*** Opening DATA LISTING ***

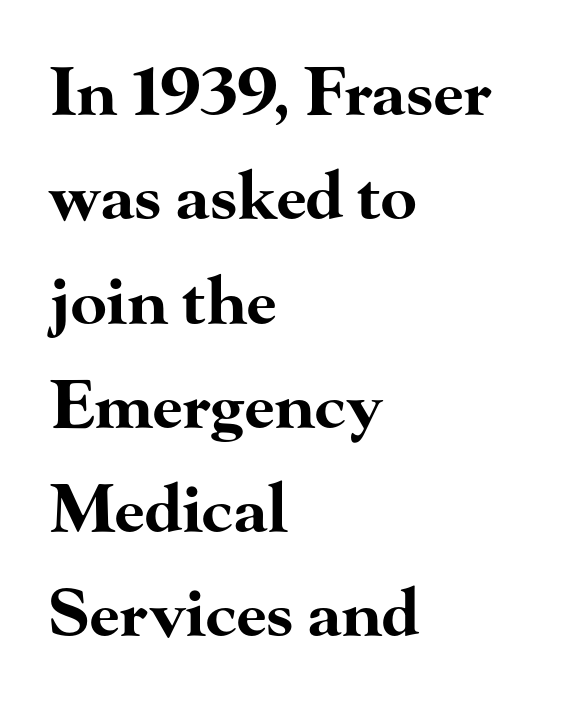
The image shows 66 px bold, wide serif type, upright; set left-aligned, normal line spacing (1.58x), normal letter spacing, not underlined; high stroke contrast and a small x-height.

*** Closing DATA LISTING ***
*** Opening DATA LISTING ***

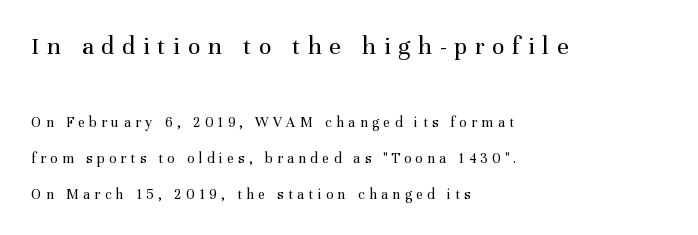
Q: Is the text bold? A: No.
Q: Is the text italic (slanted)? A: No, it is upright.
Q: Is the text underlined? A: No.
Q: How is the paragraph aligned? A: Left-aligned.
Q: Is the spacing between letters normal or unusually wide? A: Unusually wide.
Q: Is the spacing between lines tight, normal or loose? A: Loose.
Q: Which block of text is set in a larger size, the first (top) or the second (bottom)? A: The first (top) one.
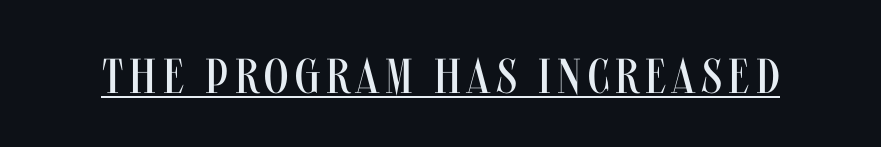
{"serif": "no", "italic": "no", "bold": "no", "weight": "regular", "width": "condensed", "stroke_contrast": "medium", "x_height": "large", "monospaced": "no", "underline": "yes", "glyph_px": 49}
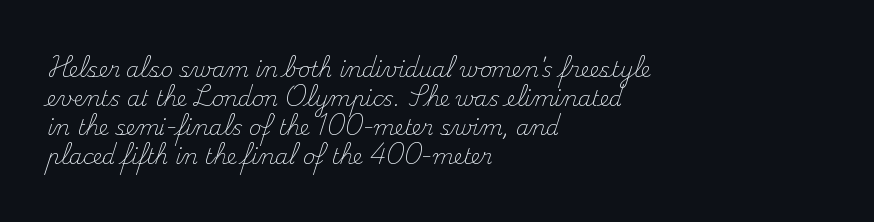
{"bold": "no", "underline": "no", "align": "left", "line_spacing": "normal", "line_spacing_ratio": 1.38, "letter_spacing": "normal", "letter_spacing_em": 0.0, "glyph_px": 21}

*** Closing DATA LISTING ***

* [PROBLEM STATEMENT] Check each line of the material for the word "between". State how many have it, and write nothing else.

* [SOLUTION TO THE EXERCISE] 2